Some people assume autistics do not have the same emotional lives as neurotypicals, but nothing could be further from the truth. Even though we find social interaction difficult, few of us would choose to forgo it completely. The main reason I spent so many years figuring out how to hide my autism was so I could have relationships with friends, co-workers and lovers. I miss physical contact with them just as much as neurotypicals do. I share their anger and resentment about forced isolation. Autistics may want less social interaction than others—although this is by no means universal among us — but less is a far cry from none.

However, there are a few threads of a silver lining. Before the pandemic, the lives of high-functioning autistics like me were a constant battle against cultural expectations for socialization. We would limit social contact and avoid certain environments because they were exhausting or overstimulating, and we often found ourselves apologizing and feeling shame. We were in a perpetual state of anxiety because of how challenging it was for us to be in public.

I had to expend enormous effort to keep myself from freaking out over things most people tune out. Autistics can’t tune anything out. Everything comes in, and all at equal intensity. If you’ve ever been inside a busy arcade, that is what the outside world is like to me all the time. I had to learn to steer clear of high-stimulus activities because they triggered meltdowns, where I am suddenly and uncontrollably overwhelmed to the point of physically acting out, yelling at people or sobbing, often all at once.

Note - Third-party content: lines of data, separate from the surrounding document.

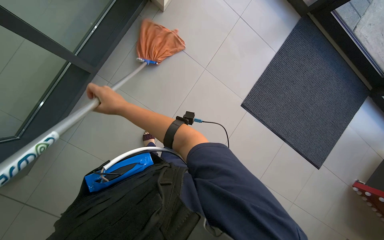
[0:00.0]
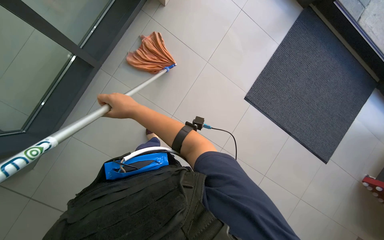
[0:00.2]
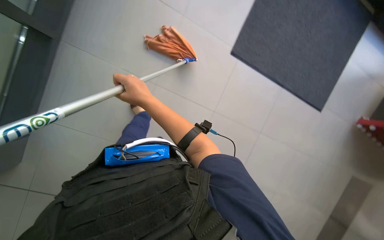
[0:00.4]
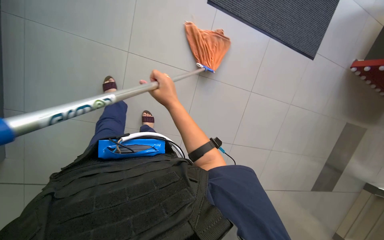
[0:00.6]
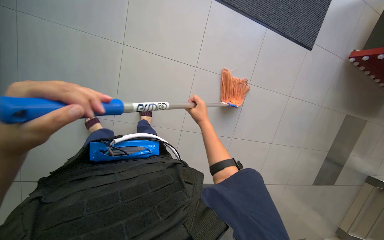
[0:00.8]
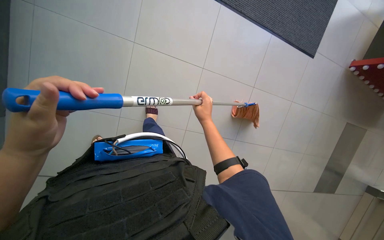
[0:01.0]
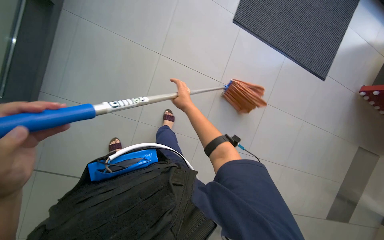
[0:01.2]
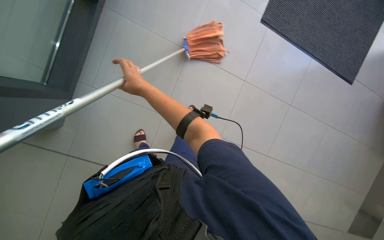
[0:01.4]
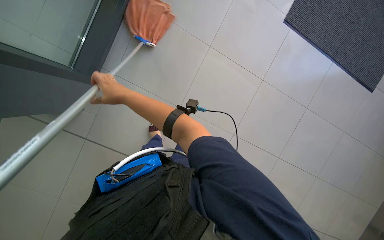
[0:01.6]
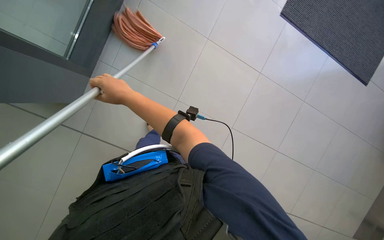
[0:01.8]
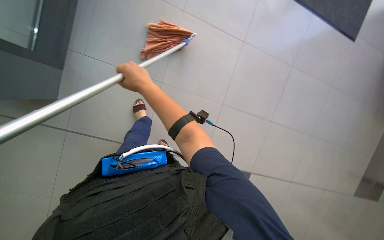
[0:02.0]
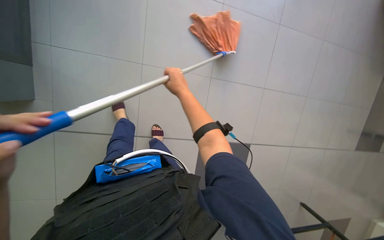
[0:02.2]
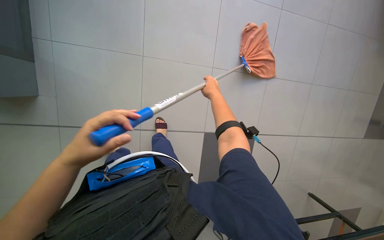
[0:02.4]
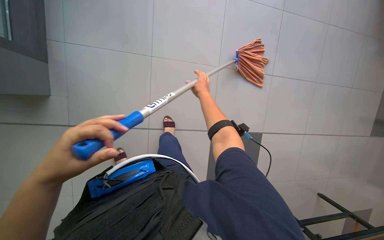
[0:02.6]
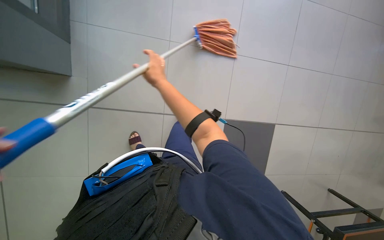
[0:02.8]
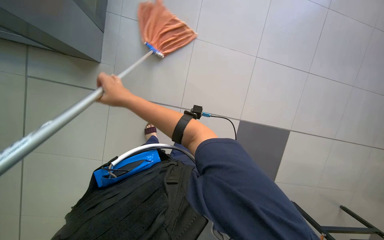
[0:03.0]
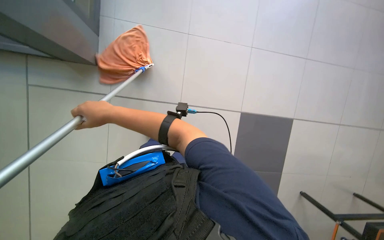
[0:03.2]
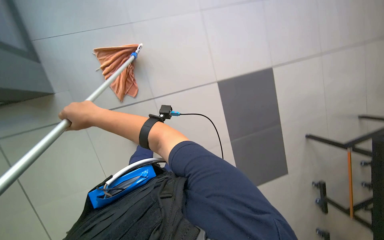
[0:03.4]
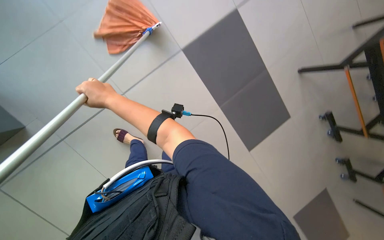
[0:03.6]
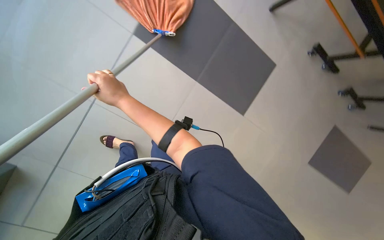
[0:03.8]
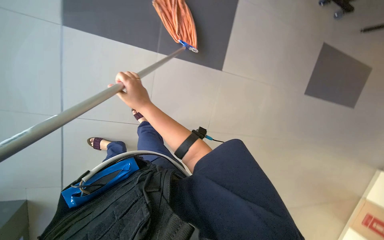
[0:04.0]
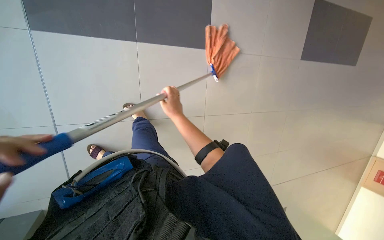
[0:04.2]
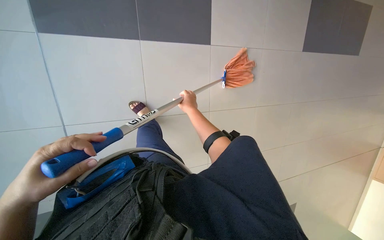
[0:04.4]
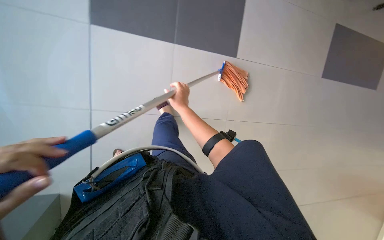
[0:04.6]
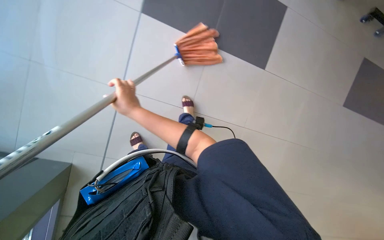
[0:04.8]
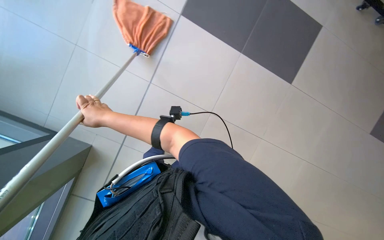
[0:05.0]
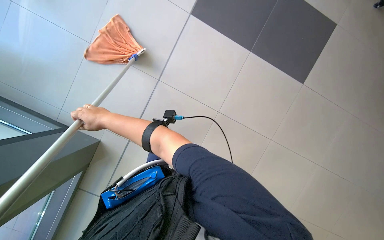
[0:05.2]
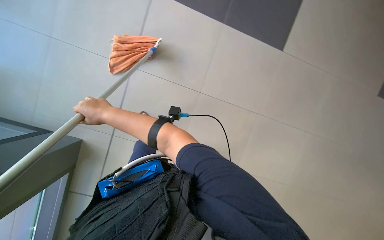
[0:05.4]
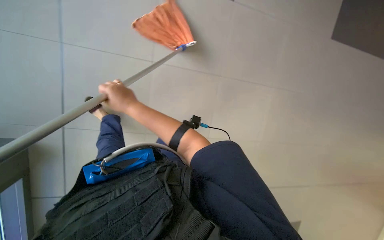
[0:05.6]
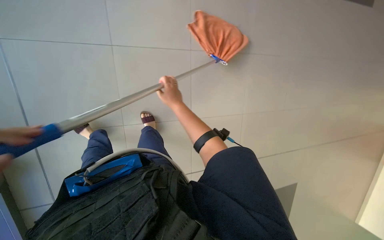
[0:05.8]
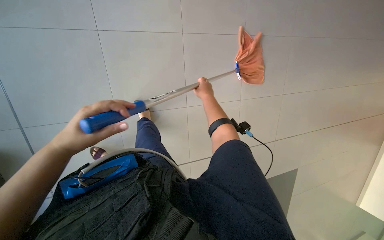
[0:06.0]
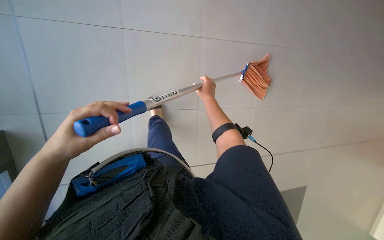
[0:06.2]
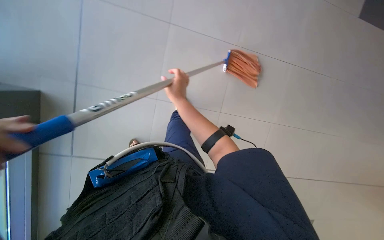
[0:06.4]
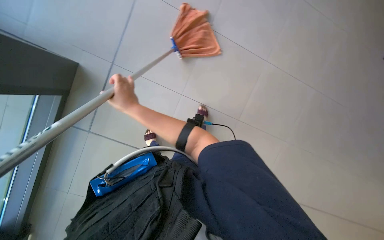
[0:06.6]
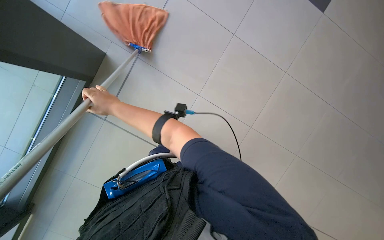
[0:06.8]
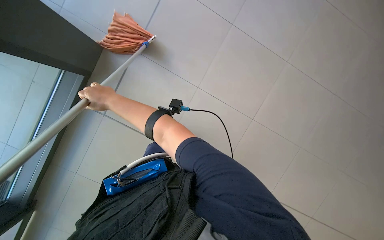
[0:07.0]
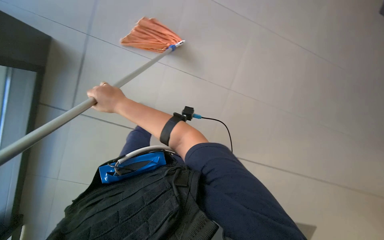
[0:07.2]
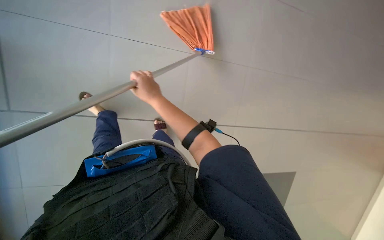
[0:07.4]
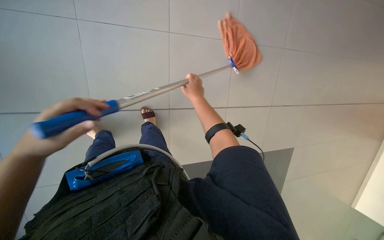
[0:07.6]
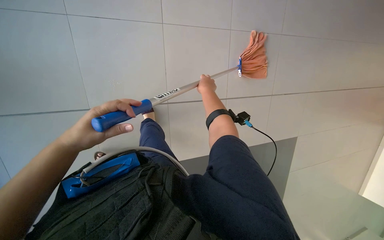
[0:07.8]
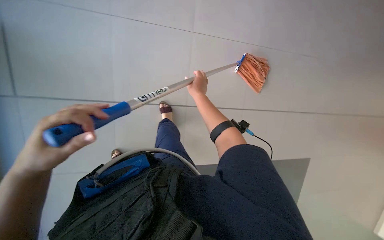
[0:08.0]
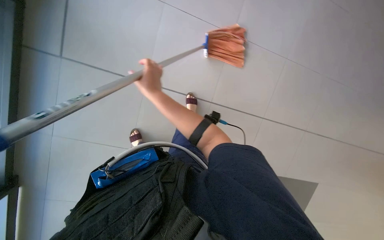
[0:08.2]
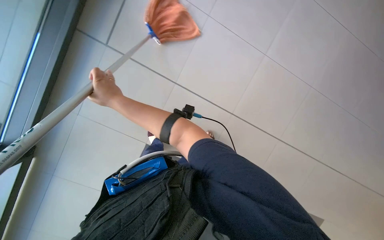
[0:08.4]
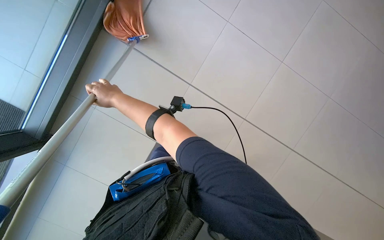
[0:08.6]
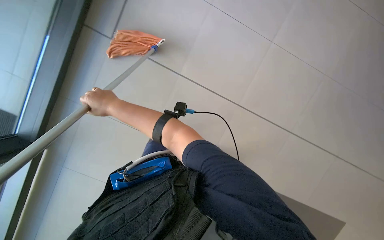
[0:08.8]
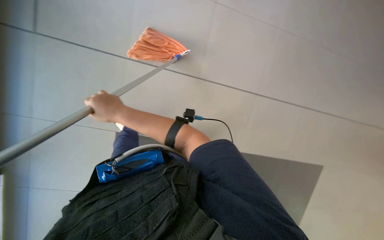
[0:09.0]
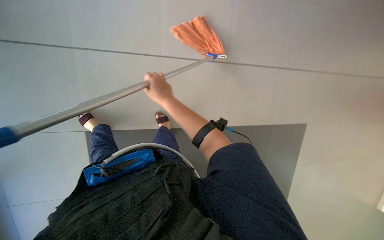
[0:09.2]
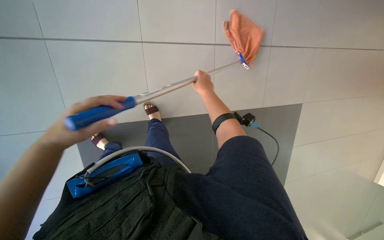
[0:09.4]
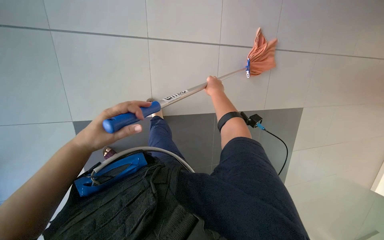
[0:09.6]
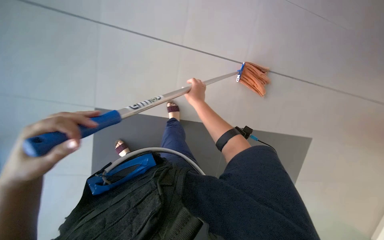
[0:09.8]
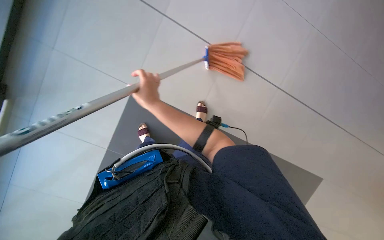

Making matters worse, I am challenged by smells as well as sounds. I smell everything, all the time. Being in proximity to smokers, people who wear perfume, people who use scented detergent, people wearing dirty clothes, someone who just washed their hair, someone who hasn’t washed their hair, someone chewing gum or eating a mint — you get the idea — is extremely difficult for me. I quit my gym because I couldn’t get far enough away from my fellow gym goers not to smell them, their breath and their clothes.

Small waiting rooms and standing in line were nearly intolerable experiences. If an elevator I was waiting for had more than a few people in it, I would catch the next one (even if I was running late) because I can’t — and I literally mean can’t — be that close to people. Those who complimented me for taking the stairs for my health had no idea that it was for my mental health, not my physical health.

In short, I often wished I could walk around in a six-foot, life-filtering bubble.

Enter the coronavirus.

Not only are there fewer people to interact with now, but we also have to stay six feet away from each other. I get to wear a mask all the time that deters microparticles — and smells.

I should point out that there are a lot of autistics who can’t have cloth or any other material touching their face. Autistic sensory sensitivities vary from person to person. While I have trouble with sounds and smells, others have tactile issues and are struggling with having to wear some sort of face covering. So while I like mask-wearing, and many other autistics do, too, that sentiment isn’t universal.

I feel guilty about secretly liking some parts of the pandemic and being relieved that the burden of social expectations has been lifted. (I’m also privately hoping I can get away with wearing a face mask for the rest of my life.)

This relief is tempered, though, by my grief at the loss of my grandfather because of an outbreak at his facility, and by not being able to attend his services because of restrictions on gatherings. I wanted a more autism-friendly world, but this version, defined by helplessness and isolation, has scarred me as deeply as it has my peers. I struggle with the same financial and mental challenges as non-autistics, and the suffering we are all enduring is far too steep a price to pay for a temporary respite from my acting gig as a neurotypical person.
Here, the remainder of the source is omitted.